Stored records:

-.-.-

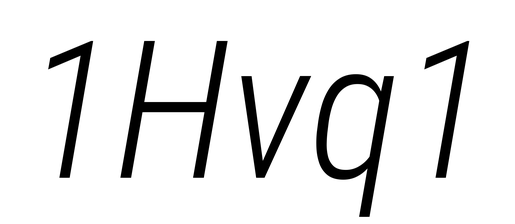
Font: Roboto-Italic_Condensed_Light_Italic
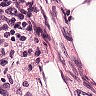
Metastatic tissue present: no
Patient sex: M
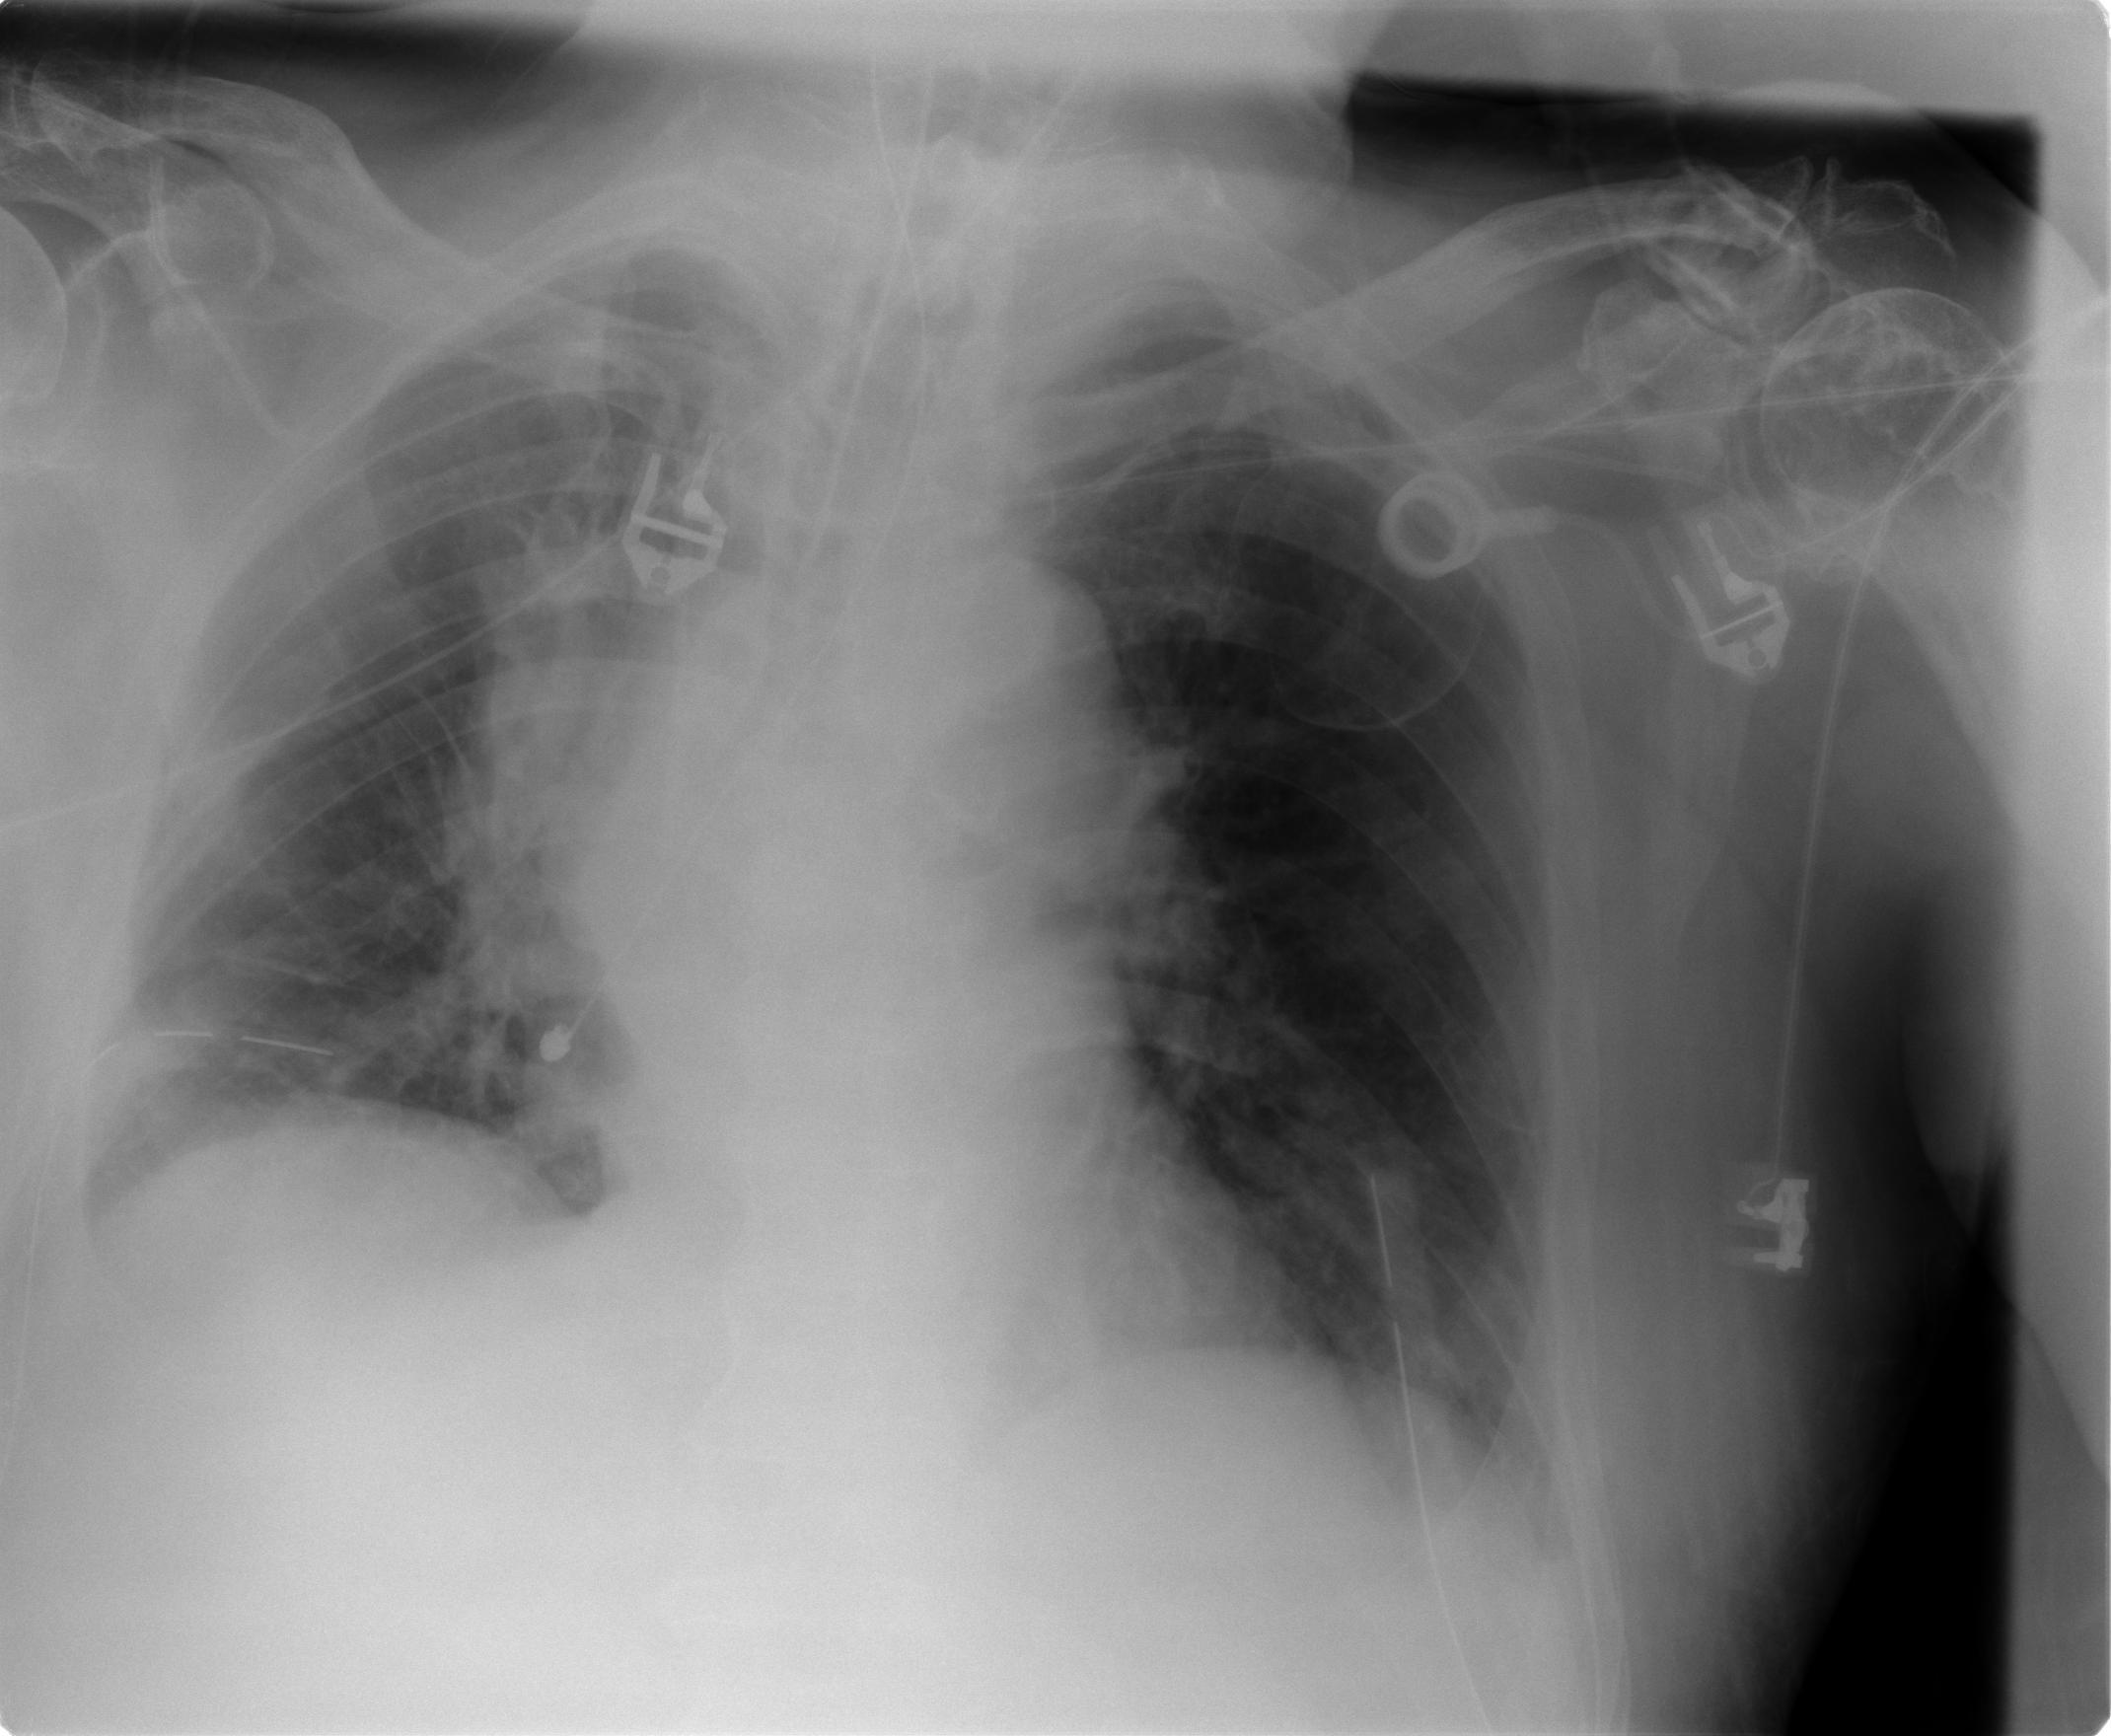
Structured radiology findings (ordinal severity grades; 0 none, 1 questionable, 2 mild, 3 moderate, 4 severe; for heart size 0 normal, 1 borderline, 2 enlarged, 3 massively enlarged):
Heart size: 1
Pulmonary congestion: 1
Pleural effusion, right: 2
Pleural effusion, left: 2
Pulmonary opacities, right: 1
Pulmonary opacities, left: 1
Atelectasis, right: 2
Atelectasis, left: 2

-.-.-

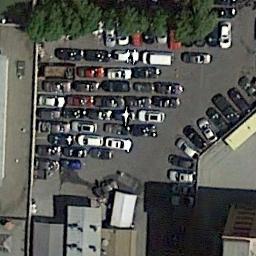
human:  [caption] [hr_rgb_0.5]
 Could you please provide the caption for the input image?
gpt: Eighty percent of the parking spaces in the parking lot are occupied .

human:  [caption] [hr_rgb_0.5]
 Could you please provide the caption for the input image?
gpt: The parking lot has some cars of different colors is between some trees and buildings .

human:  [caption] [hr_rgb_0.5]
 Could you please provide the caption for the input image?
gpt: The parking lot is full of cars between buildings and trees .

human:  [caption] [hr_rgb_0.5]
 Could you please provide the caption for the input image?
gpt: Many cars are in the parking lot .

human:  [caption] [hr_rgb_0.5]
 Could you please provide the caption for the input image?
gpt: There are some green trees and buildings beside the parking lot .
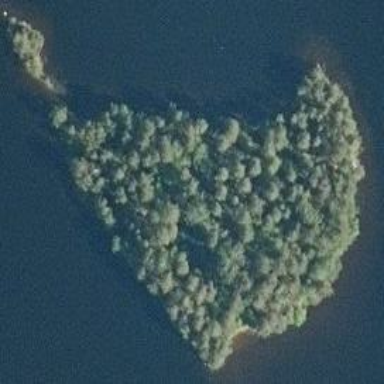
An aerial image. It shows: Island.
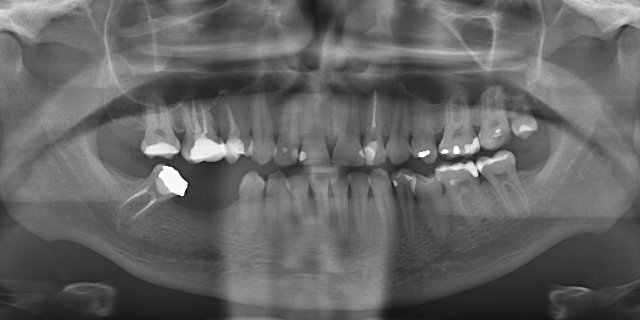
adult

-.-.-

• _Prompt_
Looking at the data above, write out exactly the lines that start at the one containing "Pulmonary opacities, right: 1" and end at the one containing "Atelectasis, left: 2"; include both and nothing beyond.

• _Output below_
Pulmonary opacities, right: 1
Pulmonary opacities, left: 1
Atelectasis, right: 2
Atelectasis, left: 2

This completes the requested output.